Legally, it seems dubious that Google’s search results could be considered copyrightable. Considering recently wire frame models based off of cars were deemed to lack sufficient creativity for copyrightability, it seems likely results generated solely by an algorithm, with no human involvement, would too. However, I wasn’t able to find a ruling directly aimed at this issue so, if anyone has one please send it my way.
Furthermore, Bing isn’t actually copying directly from Google, but looking at user data and drawing its own conclusions so, in the eyes of the law, it’s unlikely that there would be much in the way of a claim Google could make. It seems, largely, to be a matter between Microsoft and the users of its products.
That being said, the ethics are a much more complicated question.
Bing, when it set about introducing clicktracking as a factor in its search results, had to know that many of those it tracked would use Google and, therefore, it seems logical they knew that they would be getting information about Google results and they did nothing to prevent that. However, I’m not completely sure they should have.
For one, you can learn from your competitor’s results and product without copying it. By tracking clicks, Bing might be able to see that some sites that rank well in Google aren’t worth ranking well in their engine. This seems to be mostly what Bing does though as it was only non-competitive search terms that appears to be copied.
That being said, Bing, as Google’s main competitor, should be trying to create its own unique search experience, not merely trying to recreate Google’s with slightly better results. Though it may only be one factor that Bing considers, considering Google’s results for your own makes it look like you’re trying to build on Google’s back.
So is it unethical? I would consider it a gray area. At least as far as the relationship between Google and Bing goes, I don’t feel completely right giving Bing’s actions the OK, but I can’t outright condemn them either. Bing is walking a thin line here and a lot of what would determine their side on it depends on information we don’t have, such as exactly what information is collected and how it is used in Bing’s algorithm.
Sadly though, there are bigger questions to look at and, with those, even fewer good answers.
As important as the ethical and legal considerations are, there are other questions to ask, including:
- How Aware Are Microsoft’s Users of the Tracking and It’s Use? Many seem to be surprised by what Microsoft is doing. How well was this use of private info disclosed and how clear was it made?

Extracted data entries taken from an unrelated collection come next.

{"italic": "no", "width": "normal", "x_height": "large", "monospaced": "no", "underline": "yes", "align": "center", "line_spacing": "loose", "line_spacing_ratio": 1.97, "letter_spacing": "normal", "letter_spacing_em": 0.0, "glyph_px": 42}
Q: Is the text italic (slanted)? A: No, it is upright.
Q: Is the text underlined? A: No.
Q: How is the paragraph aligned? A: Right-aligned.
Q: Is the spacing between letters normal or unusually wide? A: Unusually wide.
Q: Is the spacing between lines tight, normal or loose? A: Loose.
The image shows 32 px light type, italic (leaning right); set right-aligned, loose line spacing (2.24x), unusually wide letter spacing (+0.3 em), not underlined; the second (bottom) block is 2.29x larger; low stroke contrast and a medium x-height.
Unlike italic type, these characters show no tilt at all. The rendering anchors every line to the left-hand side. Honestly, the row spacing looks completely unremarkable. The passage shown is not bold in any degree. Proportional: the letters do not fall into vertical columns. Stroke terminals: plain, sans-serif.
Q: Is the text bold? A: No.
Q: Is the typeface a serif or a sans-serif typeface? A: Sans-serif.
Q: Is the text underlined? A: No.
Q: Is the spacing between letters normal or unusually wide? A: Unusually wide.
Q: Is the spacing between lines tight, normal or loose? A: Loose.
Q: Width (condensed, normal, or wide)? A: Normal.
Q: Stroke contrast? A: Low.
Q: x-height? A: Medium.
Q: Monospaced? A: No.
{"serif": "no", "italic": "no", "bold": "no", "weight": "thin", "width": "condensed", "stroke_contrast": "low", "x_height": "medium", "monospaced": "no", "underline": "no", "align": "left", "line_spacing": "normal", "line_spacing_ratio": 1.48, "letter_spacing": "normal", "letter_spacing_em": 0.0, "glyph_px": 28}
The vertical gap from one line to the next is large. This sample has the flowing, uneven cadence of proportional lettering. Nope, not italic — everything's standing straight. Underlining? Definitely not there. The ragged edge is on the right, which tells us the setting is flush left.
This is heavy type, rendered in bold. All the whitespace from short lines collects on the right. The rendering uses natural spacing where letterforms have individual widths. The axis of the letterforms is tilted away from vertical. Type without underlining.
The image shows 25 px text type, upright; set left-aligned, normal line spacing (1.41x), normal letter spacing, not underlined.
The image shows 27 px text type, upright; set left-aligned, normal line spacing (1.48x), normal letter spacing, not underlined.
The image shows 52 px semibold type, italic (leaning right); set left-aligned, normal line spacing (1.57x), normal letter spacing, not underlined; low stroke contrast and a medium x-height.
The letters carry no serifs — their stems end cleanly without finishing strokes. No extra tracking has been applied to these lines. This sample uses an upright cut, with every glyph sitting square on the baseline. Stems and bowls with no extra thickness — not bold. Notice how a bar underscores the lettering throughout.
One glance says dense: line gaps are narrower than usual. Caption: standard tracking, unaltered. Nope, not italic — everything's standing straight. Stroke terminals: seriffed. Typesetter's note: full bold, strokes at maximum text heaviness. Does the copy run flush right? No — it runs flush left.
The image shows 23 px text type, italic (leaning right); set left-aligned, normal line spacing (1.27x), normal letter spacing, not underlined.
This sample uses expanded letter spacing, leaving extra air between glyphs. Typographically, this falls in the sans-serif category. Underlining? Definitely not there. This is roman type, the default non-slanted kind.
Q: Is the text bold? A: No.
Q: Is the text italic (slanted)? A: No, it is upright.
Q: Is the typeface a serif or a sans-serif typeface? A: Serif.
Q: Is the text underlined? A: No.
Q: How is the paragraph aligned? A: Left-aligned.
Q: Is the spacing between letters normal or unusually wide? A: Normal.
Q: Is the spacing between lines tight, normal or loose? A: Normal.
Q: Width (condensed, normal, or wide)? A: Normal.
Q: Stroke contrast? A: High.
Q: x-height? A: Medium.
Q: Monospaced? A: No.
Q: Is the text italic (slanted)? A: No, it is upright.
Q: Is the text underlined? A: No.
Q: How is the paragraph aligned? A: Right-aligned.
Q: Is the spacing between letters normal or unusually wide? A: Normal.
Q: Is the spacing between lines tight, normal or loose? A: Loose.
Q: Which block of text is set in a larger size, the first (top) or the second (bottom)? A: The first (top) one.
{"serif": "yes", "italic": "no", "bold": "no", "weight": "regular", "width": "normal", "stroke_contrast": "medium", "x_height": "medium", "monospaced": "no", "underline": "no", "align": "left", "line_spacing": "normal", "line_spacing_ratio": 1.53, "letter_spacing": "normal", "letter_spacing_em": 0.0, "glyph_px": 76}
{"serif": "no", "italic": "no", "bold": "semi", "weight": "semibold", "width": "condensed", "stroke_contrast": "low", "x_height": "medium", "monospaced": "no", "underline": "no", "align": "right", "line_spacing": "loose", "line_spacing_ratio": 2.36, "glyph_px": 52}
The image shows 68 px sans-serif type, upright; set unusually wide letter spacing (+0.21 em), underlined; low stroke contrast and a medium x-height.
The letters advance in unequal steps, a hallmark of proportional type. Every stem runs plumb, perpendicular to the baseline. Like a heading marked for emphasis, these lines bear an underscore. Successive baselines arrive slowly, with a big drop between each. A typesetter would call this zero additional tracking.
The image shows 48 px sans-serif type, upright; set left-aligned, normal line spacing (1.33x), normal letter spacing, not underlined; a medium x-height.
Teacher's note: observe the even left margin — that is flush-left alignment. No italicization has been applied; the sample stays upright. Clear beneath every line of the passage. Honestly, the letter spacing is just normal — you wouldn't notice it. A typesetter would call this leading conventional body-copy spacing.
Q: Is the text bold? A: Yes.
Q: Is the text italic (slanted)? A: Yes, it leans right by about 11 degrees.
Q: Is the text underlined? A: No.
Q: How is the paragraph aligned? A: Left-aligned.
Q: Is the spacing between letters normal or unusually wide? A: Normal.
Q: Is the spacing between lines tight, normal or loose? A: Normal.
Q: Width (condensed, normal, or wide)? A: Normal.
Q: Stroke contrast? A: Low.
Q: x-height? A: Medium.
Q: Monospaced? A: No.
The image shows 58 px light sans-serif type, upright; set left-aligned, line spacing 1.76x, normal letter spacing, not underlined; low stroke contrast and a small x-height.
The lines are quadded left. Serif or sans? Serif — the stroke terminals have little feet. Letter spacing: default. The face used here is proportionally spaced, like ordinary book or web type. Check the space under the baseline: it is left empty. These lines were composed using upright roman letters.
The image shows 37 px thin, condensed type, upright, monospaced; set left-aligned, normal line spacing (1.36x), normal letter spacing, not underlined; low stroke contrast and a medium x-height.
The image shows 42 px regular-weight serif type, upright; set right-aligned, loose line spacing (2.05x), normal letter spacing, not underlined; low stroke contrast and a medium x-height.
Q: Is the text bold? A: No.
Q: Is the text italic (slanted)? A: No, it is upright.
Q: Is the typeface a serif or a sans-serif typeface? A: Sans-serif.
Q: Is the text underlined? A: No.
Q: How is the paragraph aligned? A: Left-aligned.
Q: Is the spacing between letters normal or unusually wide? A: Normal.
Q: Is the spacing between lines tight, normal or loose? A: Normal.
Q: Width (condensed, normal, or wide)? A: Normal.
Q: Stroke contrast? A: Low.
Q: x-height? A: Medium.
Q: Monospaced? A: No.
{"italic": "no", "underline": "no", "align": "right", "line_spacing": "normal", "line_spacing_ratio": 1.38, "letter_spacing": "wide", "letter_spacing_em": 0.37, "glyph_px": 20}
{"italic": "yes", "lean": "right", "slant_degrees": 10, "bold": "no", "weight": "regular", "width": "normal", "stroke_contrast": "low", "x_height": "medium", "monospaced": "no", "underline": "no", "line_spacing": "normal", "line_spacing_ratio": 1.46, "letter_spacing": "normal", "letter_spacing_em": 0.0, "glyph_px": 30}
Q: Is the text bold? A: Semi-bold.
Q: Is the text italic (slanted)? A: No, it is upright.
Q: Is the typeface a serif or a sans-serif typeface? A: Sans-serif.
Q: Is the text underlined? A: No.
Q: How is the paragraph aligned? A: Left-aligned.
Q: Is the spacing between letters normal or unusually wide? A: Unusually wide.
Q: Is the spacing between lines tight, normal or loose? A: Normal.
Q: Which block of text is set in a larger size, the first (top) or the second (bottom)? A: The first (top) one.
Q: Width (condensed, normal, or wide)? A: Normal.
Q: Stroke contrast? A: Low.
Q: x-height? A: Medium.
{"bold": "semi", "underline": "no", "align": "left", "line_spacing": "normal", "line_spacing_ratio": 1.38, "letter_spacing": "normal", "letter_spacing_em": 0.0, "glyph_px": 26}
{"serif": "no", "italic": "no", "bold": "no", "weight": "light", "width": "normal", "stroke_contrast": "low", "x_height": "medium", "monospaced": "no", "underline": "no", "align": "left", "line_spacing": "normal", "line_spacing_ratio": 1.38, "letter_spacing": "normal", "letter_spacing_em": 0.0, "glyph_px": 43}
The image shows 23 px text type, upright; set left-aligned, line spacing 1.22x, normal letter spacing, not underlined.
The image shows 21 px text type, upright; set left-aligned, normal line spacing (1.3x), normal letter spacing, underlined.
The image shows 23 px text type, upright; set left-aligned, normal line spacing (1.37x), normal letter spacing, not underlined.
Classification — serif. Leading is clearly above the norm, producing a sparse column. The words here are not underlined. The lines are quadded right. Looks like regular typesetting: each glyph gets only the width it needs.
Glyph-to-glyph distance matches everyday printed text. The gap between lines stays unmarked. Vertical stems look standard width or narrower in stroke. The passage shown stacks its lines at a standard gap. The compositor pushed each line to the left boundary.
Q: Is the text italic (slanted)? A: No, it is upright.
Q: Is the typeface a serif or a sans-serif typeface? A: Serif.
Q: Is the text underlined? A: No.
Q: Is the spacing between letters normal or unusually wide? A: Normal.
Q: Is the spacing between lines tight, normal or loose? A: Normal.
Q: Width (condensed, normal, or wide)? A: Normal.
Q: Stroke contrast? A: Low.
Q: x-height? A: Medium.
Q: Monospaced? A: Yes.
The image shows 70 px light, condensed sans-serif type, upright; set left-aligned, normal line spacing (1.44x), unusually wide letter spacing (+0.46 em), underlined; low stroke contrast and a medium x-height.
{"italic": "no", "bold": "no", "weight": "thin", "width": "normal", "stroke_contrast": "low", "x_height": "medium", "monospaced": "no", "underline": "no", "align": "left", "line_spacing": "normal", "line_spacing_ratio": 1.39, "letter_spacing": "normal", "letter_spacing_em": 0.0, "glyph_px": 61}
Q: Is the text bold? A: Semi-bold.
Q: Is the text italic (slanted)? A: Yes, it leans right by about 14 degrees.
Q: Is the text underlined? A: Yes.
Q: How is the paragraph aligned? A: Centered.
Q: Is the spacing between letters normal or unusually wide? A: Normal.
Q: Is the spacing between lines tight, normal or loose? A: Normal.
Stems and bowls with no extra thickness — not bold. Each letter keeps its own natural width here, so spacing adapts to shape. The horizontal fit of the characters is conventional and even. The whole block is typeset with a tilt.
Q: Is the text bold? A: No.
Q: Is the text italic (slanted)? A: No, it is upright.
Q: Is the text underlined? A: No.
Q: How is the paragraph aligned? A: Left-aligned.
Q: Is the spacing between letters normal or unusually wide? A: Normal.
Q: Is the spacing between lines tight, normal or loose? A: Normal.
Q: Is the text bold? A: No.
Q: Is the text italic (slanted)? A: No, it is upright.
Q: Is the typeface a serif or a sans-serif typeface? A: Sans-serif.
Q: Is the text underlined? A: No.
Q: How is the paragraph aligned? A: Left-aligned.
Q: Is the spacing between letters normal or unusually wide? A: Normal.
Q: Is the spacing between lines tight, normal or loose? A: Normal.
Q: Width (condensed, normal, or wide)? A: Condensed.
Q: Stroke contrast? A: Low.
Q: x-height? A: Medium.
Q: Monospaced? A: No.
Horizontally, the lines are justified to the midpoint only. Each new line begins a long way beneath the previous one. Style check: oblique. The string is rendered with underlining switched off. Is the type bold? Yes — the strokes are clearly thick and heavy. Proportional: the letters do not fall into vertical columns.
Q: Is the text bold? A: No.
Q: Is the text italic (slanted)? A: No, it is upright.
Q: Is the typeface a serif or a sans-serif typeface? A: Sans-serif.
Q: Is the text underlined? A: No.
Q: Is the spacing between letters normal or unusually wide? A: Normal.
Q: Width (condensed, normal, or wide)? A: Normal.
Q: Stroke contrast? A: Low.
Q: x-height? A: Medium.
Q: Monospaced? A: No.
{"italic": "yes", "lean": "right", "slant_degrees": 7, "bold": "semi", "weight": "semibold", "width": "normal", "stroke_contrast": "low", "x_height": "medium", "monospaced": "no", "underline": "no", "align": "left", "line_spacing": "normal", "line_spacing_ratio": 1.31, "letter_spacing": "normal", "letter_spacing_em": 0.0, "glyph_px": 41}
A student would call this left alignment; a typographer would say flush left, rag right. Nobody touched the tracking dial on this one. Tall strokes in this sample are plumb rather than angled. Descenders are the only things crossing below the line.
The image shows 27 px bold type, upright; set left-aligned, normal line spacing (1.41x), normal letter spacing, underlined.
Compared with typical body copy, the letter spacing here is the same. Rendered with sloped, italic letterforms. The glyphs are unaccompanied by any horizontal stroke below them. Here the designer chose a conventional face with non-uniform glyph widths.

- How Easy is it to Game Bing? Considering that the false Google results were irrelevant to their searches, it seems like “click fraud” as Microsoft calls it might be an easy way to game Bing, especially for long tail terms.
- How, Exactly, is This Info Used? Though Microsoft makes it clear that it is just one of a thousand factors, it appears that click monitoring really has a sharp impact on the results. Exactly how much weight is this info given?
There aren’t any easy answers to these questions right now but I suspect we’ll hear more about the first one as this story spreads.
The ethics of what Bing is doing (at least in regards to Google) are debatable and even I don’t have any solid answers, largely because this concept is still very new and the ethics haven’t been hashed out fully. However, there are bigger, probably more important questions being raised about Bing thanks to this revelation.
Though I don’t believe Bing is plagiarizing Google, at least not in the traditional sense of the word, Google may have exposed even greater mistakes an misdeeds of Bing by releasing the results of this test. In short, they make Bing look lazy, sloppy and easy-to-game, something that for a search engine may be even worse than being a plagiarist.
Clearly, this is a PR disaster for Bing and Microsoft, but I think the worst might be yet to come for them.